Training Tomorrow’s Clinicians and Addictions Specialists

The lab is only one arena where IU experts are fighting addiction. IU is leading efforts to close the gap between the state’s need for medication-assisted addictions treatment and the available number of behavioral health professionals, which has been estimated at 7,000.

The IU School of Social Work at IUPUI is part of the Community Behavior Health Academy—a  partnership, led by local health care provider Community Health Network, to increase the number of people entering the workforce with dual licensure as a clinical social worker and a clinical addiction counselor.

Starting this fall, the first students will enter the program. Upon graduation, these students will represent a new wave of licensed social workers entering the community to treat thousands of patients. Lessons from the program will be openly shared with any interested parties.

IU Health employee distributing free Naloxone

In April, 2019, the National Academy of Medicine (NAM) enlisted Indiana University to join a powerhouse collaborative dedicated to preventing opioid-related deaths and reversing national trends in opioid misuse and overdose. The collaborative brings together over 100 universities, hospitals, non-profits and other medical organizations to share research and best practices in the national fight against opioid addiction.

The Behavioral Health Academy aligns with our commitment to our patients and the communities we serve. By creating a pipeline of qualified, specially trained therapists, we will strengthen our fight against the opioid epidemic and change the lives of those with addiction,” George Hurd Vice President of Community Behavioral Health.

Eliminating Regulatory Obstacles and Identifying Policy Priorities

Another project has been working with federal and state legislators and government officials to help eliminate regulatory obstacles to, and prioritize policy options for, effective responses to substance use disorders.

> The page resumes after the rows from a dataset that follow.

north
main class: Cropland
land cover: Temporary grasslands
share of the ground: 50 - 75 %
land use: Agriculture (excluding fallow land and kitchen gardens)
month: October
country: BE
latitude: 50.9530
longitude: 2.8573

At the request of members of Indiana’s congressional delegation, IU experts on health law
Nicolas Terry, Ross Silverman, and Aila Hoss produced a report on “Legal and Policy Best Practices in Response to the Substance Abuse Crisis.”

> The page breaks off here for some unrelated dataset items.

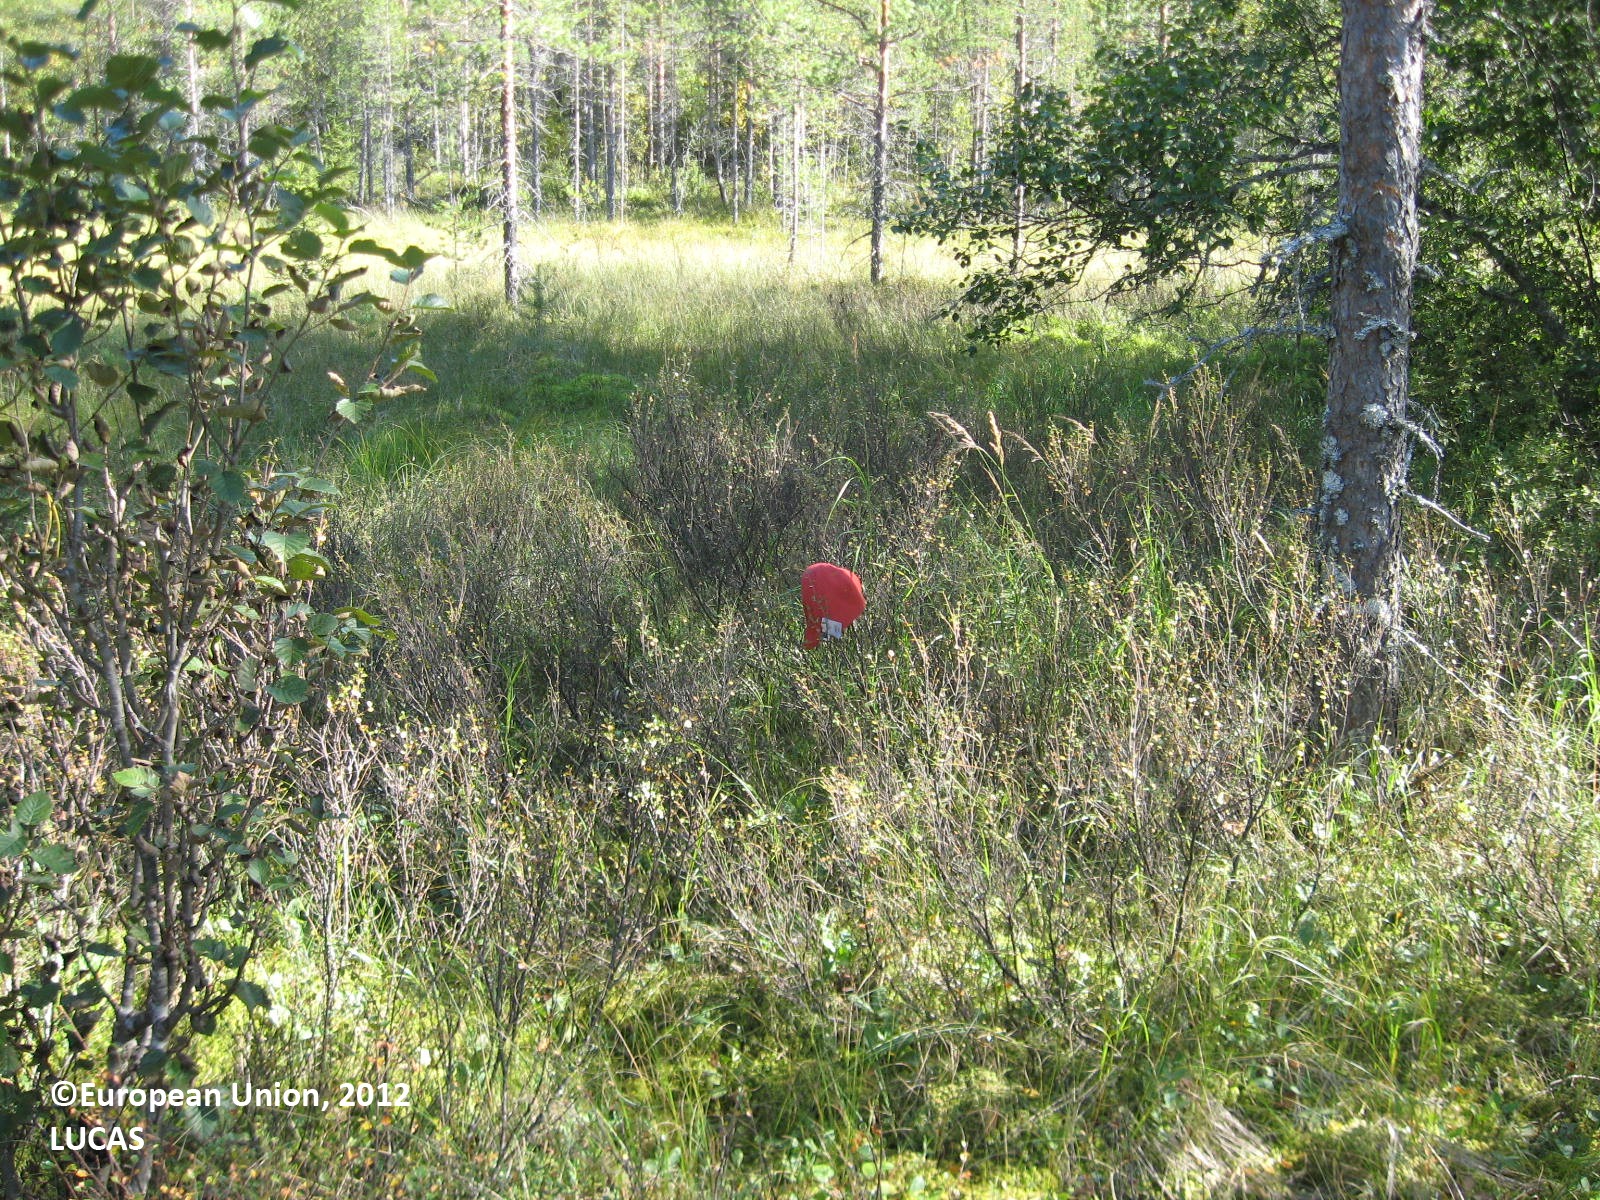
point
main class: Woodland
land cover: Pine dominated mixed woodland
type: boreal forest
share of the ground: 50 - 75 %
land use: Semi-natural and natural areas not in use
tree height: > 5 m
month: August
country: FI
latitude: 63.7713
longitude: 29.4683

This was followed by a study and report, “Innovations in Opioid Law and Policy Interventions,” providing examples of effective interventions in four primary areas: rethinking criminalization; strengthening public health; increasing and improving treatment; and effecting change.

Nic Terry stands in a library

Nicolas Terry
Executive Director of the William S. and Christine S. Hall Center for Law and Health 

IU faculty have also partnered with the Addiction Policy Forum to meet with congressional staff, brief agency officials, and host workshops on Capitol Hill. Terry also has delivered testimony in front of the U.S. Senate Special Committee on Aging, during a hearing titled “Preventing and Treating Opioid Misuse Among Older Americans.”

In addition, the university has partnered with the Indiana Supreme Court and state agencies to help train almost 1,000 court and law enforcement officials on Medically Assisted Treatment for addictions, and led a coalition of nonprofit groups and government agencies to distribute Naloxone kits and provide training in their use across Indianapolis.

Fueling Progress

Responding to the Addictions Crisis is one of three Grand Challenge initiatives at IU. The other two are working to advance individualized precision health and to help communities, businesses, and individuals prepare for environmental change. All have three objectives in common: address critical issues facing the public; work with key partners to provide holistic, practical recommendations; and create replicable models.

Robin Newhouse, principal investigator
A challenge that is this complex requires a comprehensive response. Together with our partners and community, we are responding with an integrated, multidisciplinary approach that can help us understand and address the factors that contribute to addiction now and in the future.” Robin Newhouse Dean of Indiana University’s School of Nursing and Principal Investigator of the Responding to the Addictions Crisis Grand Challenge.